## Task statement
After finding the line with "#3335 = DIRECTION" in the entries below, retype exactly each line from there through the line with "#7251 = CARTESIAN_POINT", including that final line.

## Input
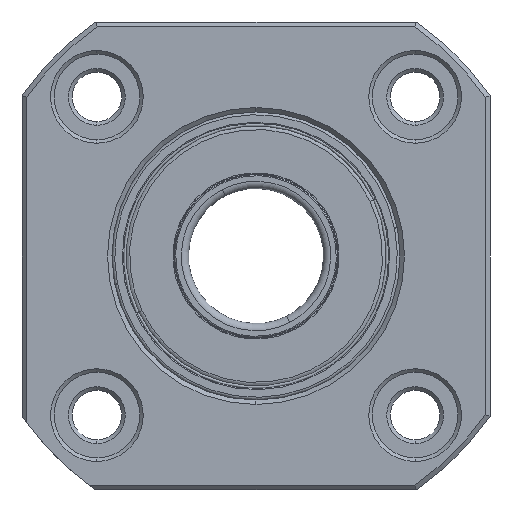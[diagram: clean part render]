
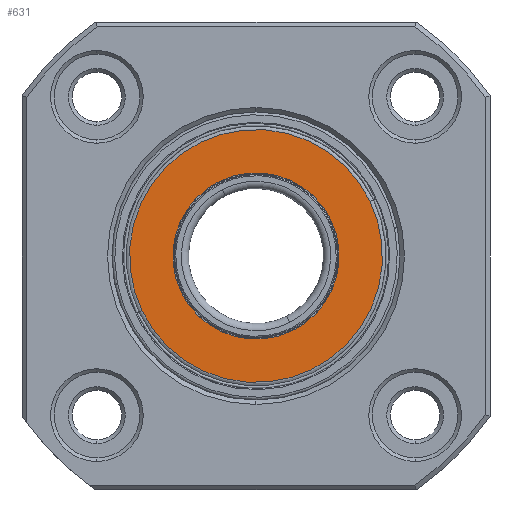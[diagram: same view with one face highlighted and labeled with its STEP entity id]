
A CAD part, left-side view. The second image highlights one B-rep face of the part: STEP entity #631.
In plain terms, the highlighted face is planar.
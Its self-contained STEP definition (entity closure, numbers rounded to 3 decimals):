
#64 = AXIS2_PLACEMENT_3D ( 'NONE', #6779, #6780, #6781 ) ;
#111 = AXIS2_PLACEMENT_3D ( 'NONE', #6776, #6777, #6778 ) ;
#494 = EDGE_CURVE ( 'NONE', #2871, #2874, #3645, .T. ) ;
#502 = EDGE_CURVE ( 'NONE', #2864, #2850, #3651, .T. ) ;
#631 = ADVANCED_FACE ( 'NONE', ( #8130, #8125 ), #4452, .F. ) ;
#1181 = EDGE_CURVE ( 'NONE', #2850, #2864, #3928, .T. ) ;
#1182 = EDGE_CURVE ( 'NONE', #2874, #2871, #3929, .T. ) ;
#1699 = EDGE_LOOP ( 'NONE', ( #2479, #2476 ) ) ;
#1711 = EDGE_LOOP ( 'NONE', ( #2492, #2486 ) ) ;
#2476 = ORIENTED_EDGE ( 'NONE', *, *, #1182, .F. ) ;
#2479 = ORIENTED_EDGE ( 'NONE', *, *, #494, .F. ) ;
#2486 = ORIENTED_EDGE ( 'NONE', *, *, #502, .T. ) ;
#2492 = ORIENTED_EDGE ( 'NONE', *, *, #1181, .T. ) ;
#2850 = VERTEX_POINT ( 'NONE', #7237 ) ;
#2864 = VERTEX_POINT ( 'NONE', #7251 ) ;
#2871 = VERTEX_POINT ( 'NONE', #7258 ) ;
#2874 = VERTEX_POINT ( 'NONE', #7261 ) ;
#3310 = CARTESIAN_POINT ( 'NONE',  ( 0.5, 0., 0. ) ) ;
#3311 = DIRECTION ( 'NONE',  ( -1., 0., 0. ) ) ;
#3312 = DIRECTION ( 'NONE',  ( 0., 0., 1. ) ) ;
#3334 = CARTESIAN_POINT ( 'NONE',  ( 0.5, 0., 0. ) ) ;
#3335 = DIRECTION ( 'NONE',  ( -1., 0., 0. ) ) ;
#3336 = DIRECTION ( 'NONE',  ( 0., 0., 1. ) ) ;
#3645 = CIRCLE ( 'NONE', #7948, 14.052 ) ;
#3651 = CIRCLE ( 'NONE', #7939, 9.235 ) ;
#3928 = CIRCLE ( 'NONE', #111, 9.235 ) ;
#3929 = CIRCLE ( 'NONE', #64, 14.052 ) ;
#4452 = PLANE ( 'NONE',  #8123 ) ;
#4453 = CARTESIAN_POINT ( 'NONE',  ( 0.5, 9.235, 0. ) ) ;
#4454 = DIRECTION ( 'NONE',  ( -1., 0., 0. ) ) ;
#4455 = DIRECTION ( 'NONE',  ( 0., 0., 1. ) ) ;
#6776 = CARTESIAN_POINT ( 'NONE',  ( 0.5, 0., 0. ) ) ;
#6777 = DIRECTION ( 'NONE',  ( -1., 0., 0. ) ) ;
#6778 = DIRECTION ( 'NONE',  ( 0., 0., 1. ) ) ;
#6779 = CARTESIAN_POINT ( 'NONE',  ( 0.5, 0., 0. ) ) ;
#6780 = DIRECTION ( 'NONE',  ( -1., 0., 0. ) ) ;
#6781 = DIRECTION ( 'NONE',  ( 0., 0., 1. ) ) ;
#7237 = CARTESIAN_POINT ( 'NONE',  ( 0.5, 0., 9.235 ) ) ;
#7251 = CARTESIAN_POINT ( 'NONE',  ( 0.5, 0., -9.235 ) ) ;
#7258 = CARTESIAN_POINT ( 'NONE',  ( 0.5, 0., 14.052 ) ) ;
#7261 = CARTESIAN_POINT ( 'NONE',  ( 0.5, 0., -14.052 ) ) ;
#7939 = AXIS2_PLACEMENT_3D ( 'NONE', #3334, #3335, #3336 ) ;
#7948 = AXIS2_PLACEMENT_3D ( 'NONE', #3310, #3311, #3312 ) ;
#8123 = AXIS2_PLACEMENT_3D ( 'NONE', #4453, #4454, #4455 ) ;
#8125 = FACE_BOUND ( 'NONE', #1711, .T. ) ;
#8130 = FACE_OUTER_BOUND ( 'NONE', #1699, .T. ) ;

## Task answer
#3335 = DIRECTION ( 'NONE',  ( -1., 0., 0. ) ) ;
#3336 = DIRECTION ( 'NONE',  ( 0., 0., 1. ) ) ;
#3645 = CIRCLE ( 'NONE', #7948, 14.052 ) ;
#3651 = CIRCLE ( 'NONE', #7939, 9.235 ) ;
#3928 = CIRCLE ( 'NONE', #111, 9.235 ) ;
#3929 = CIRCLE ( 'NONE', #64, 14.052 ) ;
#4452 = PLANE ( 'NONE',  #8123 ) ;
#4453 = CARTESIAN_POINT ( 'NONE',  ( 0.5, 9.235, 0. ) ) ;
#4454 = DIRECTION ( 'NONE',  ( -1., 0., 0. ) ) ;
#4455 = DIRECTION ( 'NONE',  ( 0., 0., 1. ) ) ;
#6776 = CARTESIAN_POINT ( 'NONE',  ( 0.5, 0., 0. ) ) ;
#6777 = DIRECTION ( 'NONE',  ( -1., 0., 0. ) ) ;
#6778 = DIRECTION ( 'NONE',  ( 0., 0., 1. ) ) ;
#6779 = CARTESIAN_POINT ( 'NONE',  ( 0.5, 0., 0. ) ) ;
#6780 = DIRECTION ( 'NONE',  ( -1., 0., 0. ) ) ;
#6781 = DIRECTION ( 'NONE',  ( 0., 0., 1. ) ) ;
#7237 = CARTESIAN_POINT ( 'NONE',  ( 0.5, 0., 9.235 ) ) ;
#7251 = CARTESIAN_POINT ( 'NONE',  ( 0.5, 0., -9.235 ) ) ;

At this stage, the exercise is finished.